SEATTLE – The good news?
The Seahawks will still have mathematical hopes for making the playoffs even if they lose to the 49ers at Lumen Field Sunday.
The bad news?
Those playoff hopes are already so small you basically need the Hubble Telescope to see them.
So, for Sunday, the bigger goal for the Seahawks is simply winning a game and feeling good about themselves again, even if just for a few hours.
Maybe the sight of the 49ers – not only a longtime rival but one of only three teams they have beaten this season (28-21 on Oct. 3) – will spur the Seahawks on.
Onto our keys to the game.
Matchup to watch
49ers DE Nick Bosa vs. Seahawks offensive tackles Duane Brown and Brandon Shell
Bosa, the second overall pick in 2019, is tied for fourth in the NFL with 11 sacks, getting at least one in all but three games this season. Bosa lines up on either side, and in the first game against the Seahawks got a sack when going against Brown. He had five pressures in that game, via Pro Football Focus, and got what was his second-highest pass rush grade of the season. Brown has steadied his play of late, while Shell has been up and down (he didn’t play in the first game due to injury with the since-released Cedric Ogbuehi starting) but didn’t allow any pressures Monday. Suffice to say the Seahawks’ already heavily challenged offense needs to limit Bosa’s damage to have a chance Sunday.
Player to watch
QB Russell Wilson
Before this season, Wilson had never lost more than two consecutive starts. Suddenly, he’s lost four in a row – the past three games after returning from a right middle finger injury and surgery, and the Oct. 7 game against the Rams in which he was hurt. Wilson had a 10-1 touchdown-to-interception ratio before he was sidelined but is at 2-2 in the three games since he returned – which doesn’t include the 2-point play on Monday against WFT. And he’s thrown for 7.97 yards per attempt or less in all three games since he returned after throwing for 9.31 or better in four of five games before he was hurt. In other words, and as the eye test has made as obvious as any stat, he just hasn’t been the same since he returned. A 49ers team allowing 5.3 yards per play, tied for sixth in the NFL, will be a tough test. But the Seahawks need Wilson to bounce back soon if the season is to avoid becoming a complete disaster.
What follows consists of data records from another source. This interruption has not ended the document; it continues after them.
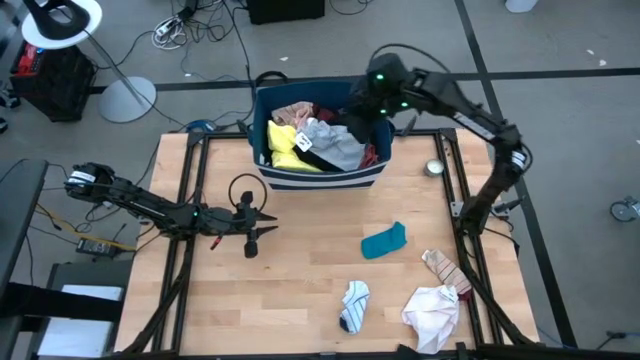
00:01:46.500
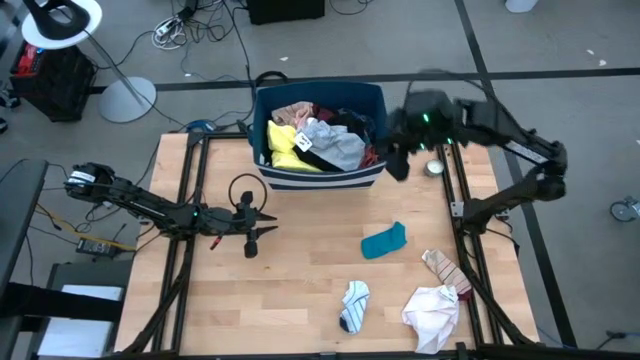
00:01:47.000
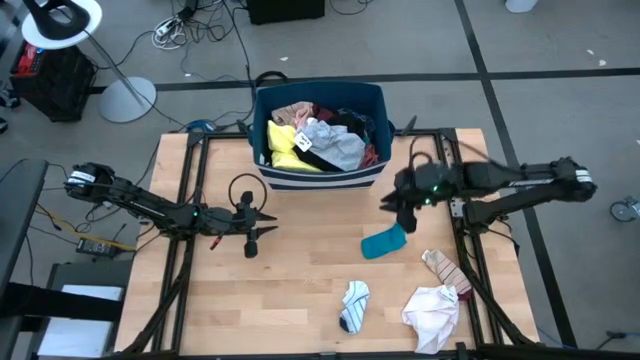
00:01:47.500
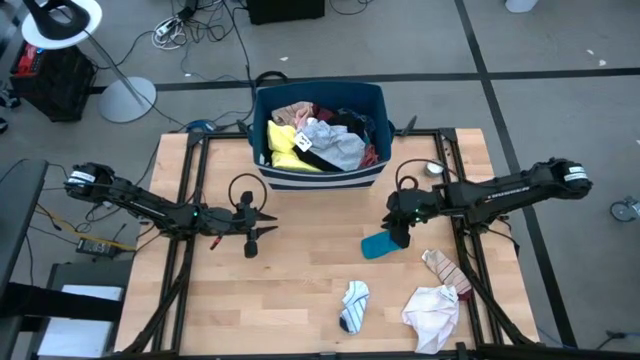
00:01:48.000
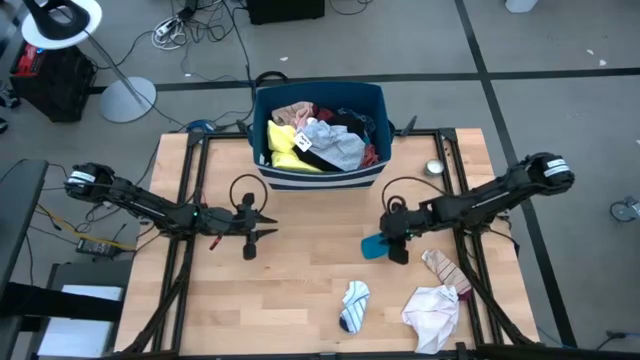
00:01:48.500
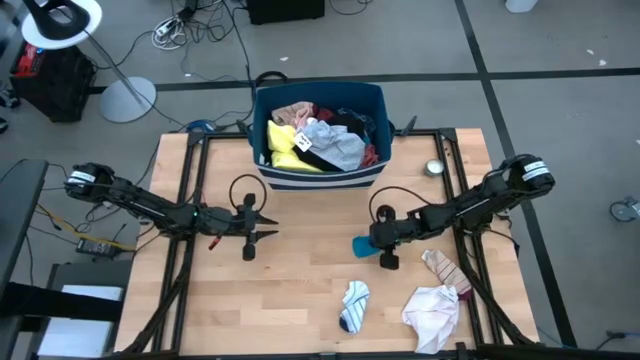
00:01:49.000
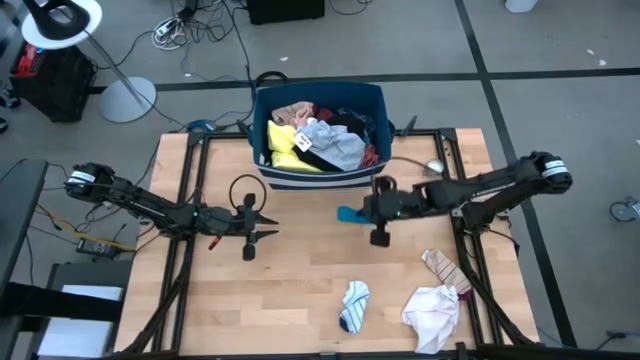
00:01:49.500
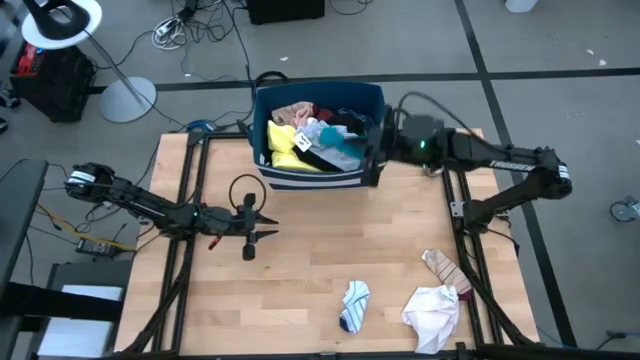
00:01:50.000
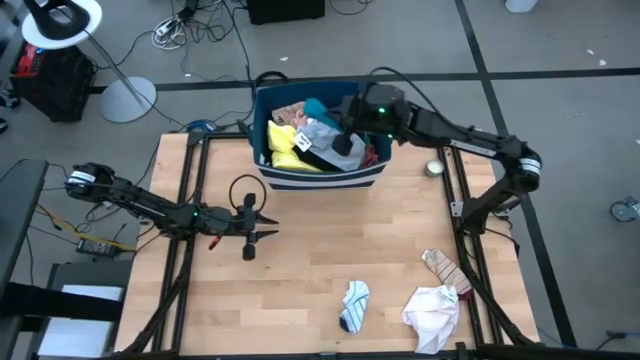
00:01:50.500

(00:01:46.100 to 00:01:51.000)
Put the blue sock into the blue laundry bin

Coaching decision to watchRun-pass percentage
This is another week that coach Pete Carroll has stressed the importance of trying to get the running game going to help the offense, one reason the team brought in 36-year-old Adrian Peterson to beef up an injury-riddled running back corps. The Seahawks are 14th in the NFL in passing-play percentage, throwing it 59.2% of the time. But that number has skyrocketed to 69.3% in the past three games since Wilson returned from injury. Being behind most of the time has been a factor. But they also have not been able to run it consistently enough to keep the ball for long. The 49ers are allowing 4.3 yards per carry, 18th in the NFL, but in their current three-game winning streak haven’t allowed more than 67 against the Rams, Jaguars and Vikings. Still, expect the Seahawks to give the running game a major shot Sunday.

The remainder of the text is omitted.